Peinture et collage

Tout est en morceaux. Dans Débris. Pièce montée à La Licorne. En ce moment. À Montréal.
Du coup, cette critique le sera aussi. Pourquoi pas ?
Tant de fragments : c’est la faute à un accident d’autobus. Daniel va y survivre. C’est un artiste peintre. L.J. aussi. C’est une danseuse nue. C’était, en fait. Parce qu’elle a perdu des morceaux dans le drame.
La base est post-traumatisée. Dessus, Ursula Rani Sarma y promène des destins abîmés. Destins découpés avec précision et malice par l’auteure. Une Irlandaise d’origine indienne. Ils sont en train de s’effriter. Ils se croisent. Se percutent. Au-dessus de leur tête, il y a des restes d’un autobus, suspendus. Celui qui a été percuté par un camion. Il y a même un écran vidéo qui projette des scènes de route. Mais pas que. C’est cohérent.
La forme colle au fond. Jean Marc Dalpé a fait la traduction. Juste.
Ici, on est chez Daniel. Décor minimaliste. Maxime Denommée lui donne corps. Plutôt bon en créateur torturé par les images d’un accident. Il ne s’en souvient qu’en cauchemar. Ça le bloque. C’est le problème. Il vit avec sa soeur. Elle est aussi paumée. Pour d’autres raisons. Une histoire de famille en morceaux. Peut-être.
Un affreux béotien va en abuser. Quand il parle, les yeux nous piquent.
Là, on est chez L.J. C’est Évelyne Rompré qui la joue. Avec une blessure à vif montée sur roue. Impuissance. Injustice. Le regard raconte tout ça. Avec conviction. Plus loin, on est chez Gerry. C’est un psychiatre. C’est aussi Roger La Rue. Grand. Au propre et au figuré. Il lui manque des bouts. Lui aussi. Mais c’est pour mieux se poser en personnage principal de cette autopsie.

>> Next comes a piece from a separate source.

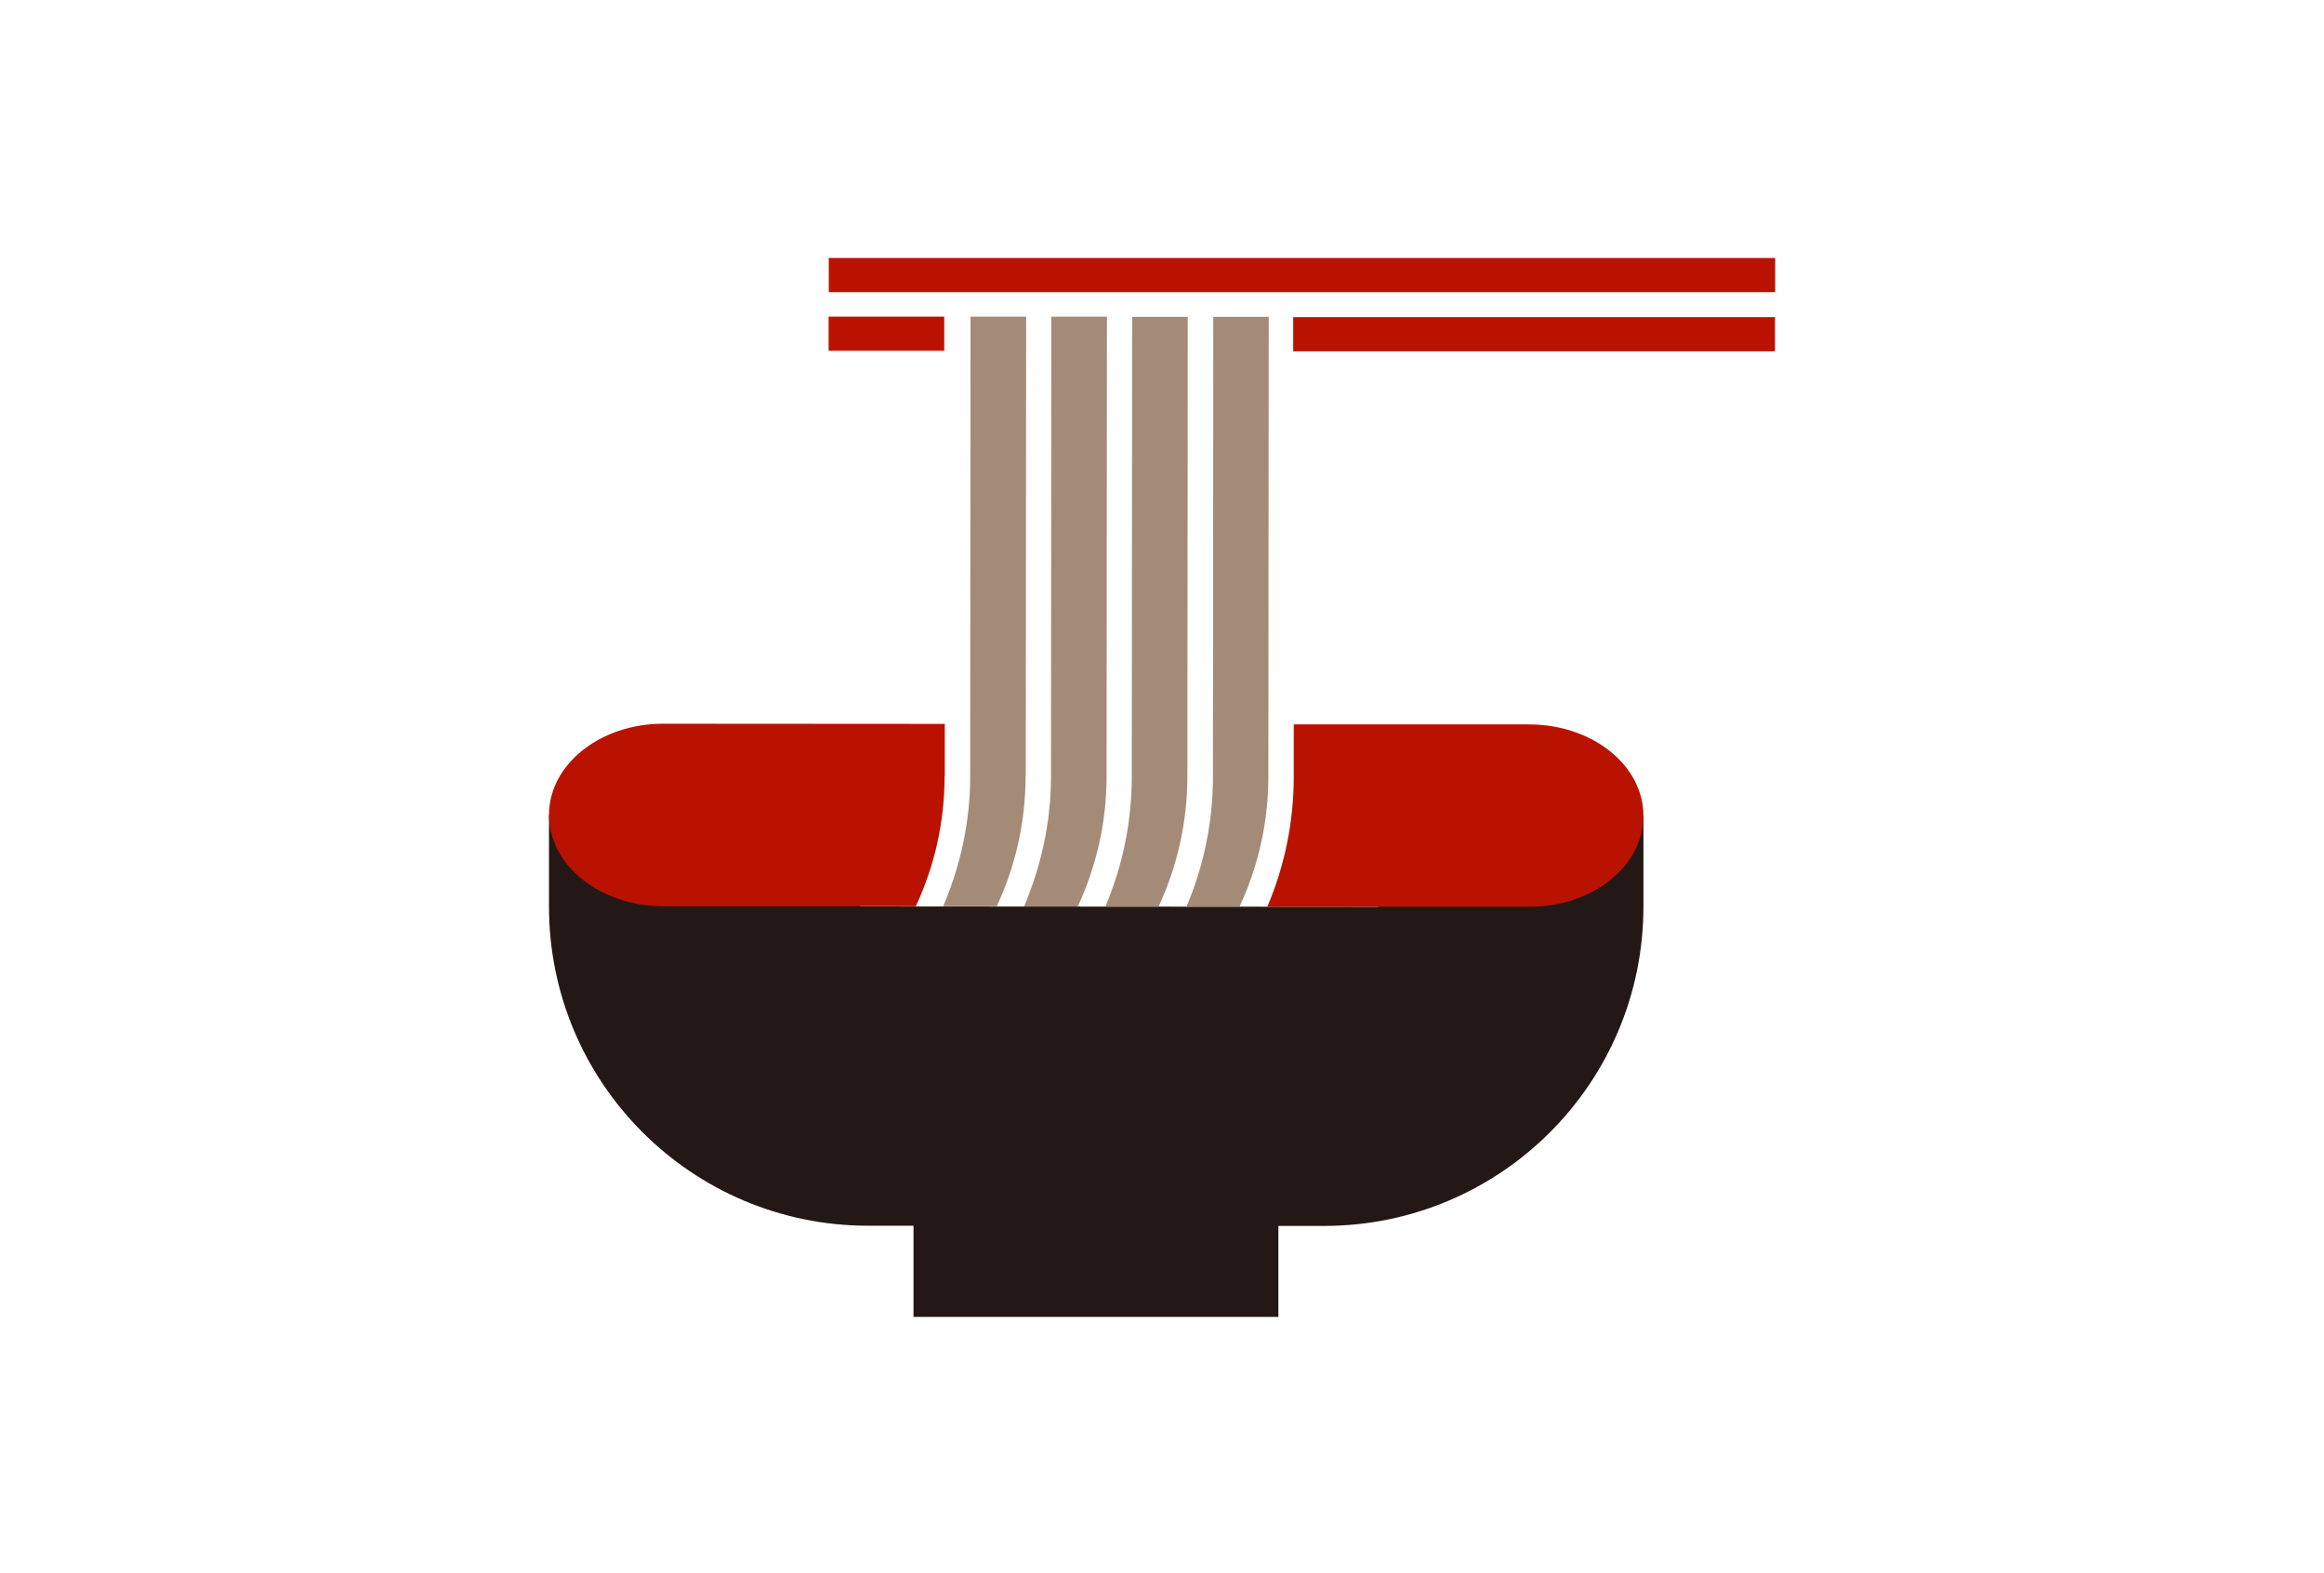 <?xml version="1.0" encoding="UTF-8"?><svg id="_レイヤー_2" xmlns="http://www.w3.org/2000/svg" width="130" height="88" viewBox="0 0 130 88"><defs><style>.cls-1{fill:#231815;}.cls-1,.cls-2,.cls-3,.cls-4{stroke-width:0px;}.cls-2{fill:#a48b78;}.cls-3{fill:none;}.cls-4{fill:#ba1200;}</style></defs><g id="_レイヤー_1-2"><path class="cls-1" d="M77.09,45.62v5.1s-28.98-.02-28.98-.02v-5.1s-17.4-.01-17.4-.01v5.1c-.01,9.86,7.98,17.86,17.84,17.87h2.55s0,5.1,0,5.1h20.41s0-5.09,0-5.09h2.55c9.86,0,17.86-7.98,17.87-17.84v-5.1s-14.85-.01-14.85-.01Z"/><rect class="cls-4" x="46.36" y="14.43" width="52.94" height="1.91"/><rect class="cls-4" x="46.35" y="17.71" width="6.47" height="1.91"/><rect class="cls-4" x="72.34" y="17.74" width="26.95" height="1.91"/><path class="cls-2" d="M57.29,50.7h3c1.06-2.29,1.61-4.74,1.61-7.3l.02-25.69h-3.11s-.02,25.86-.02,25.86c-.02,2.48-.55,4.86-1.5,7.12Z"/><path class="cls-2" d="M61.84,50.71h2.97c1.06-2.29,1.61-4.75,1.61-7.3l.02-25.69h-3.11s-.02,25.69-.02,25.69c0,2.54-.5,4.99-1.48,7.3Z"/><path class="cls-2" d="M67.87,17.72l-.02,25.69c0,2.54-.5,4.99-1.48,7.3h2.97c1.06-2.29,1.61-4.74,1.61-7.3l.02-25.69h-3.11Z"/><path class="cls-2" d="M57.38,43.4l.02-25.69h-3.11s-.02,25.86-.02,25.86c-.02,2.48-.55,4.86-1.51,7.12h3c1.06-2.29,1.61-4.74,1.61-7.3Z"/><path class="cls-4" d="M52.85,43.4v-2.91s-15.76-.01-15.76-.01c-3.52,0-6.38,2.28-6.38,5.1,0,2.82,2.85,5.1,6.37,5.11h14.15c1.06-2.28,1.61-4.74,1.61-7.29Z"/><path class="cls-4" d="M85.56,40.52h-13.19s0,2.9,0,2.9c0,2.54-.5,4.99-1.48,7.3h14.66c3.52.01,6.38-2.27,6.38-5.09,0-2.82-2.85-5.1-6.37-5.11Z"/><rect class="cls-3" x=".03" y=".04" width="129.94" height="87.91"/></g></svg>

Sans doute.
La trame narrative est montée, elle, sur des ellipses. Habilement. Sous les yeux, des bouts de vies en morceaux se font éclairer par coups secs. Parfois de manière frontale. À l’image de l’impact entre deux véhicules lourds. Sans drame. Ni catastrophe du moins. La mise en scène saisit bien l’objet. Tout comme la complexité relative des personnages habités par le chaos.
Débris, c’est sombre. Débris, c’est l’humanité dans sa faiblesse crue. Dans ses impuissances, aussi. Débris, c’est la métaphore de la fêlure qui devient durable. Du passé qui paralyse, qui coupe les jambes. Débris, ce n’est pas beaucoup d’espoir. Et c’est à prendre comme ça.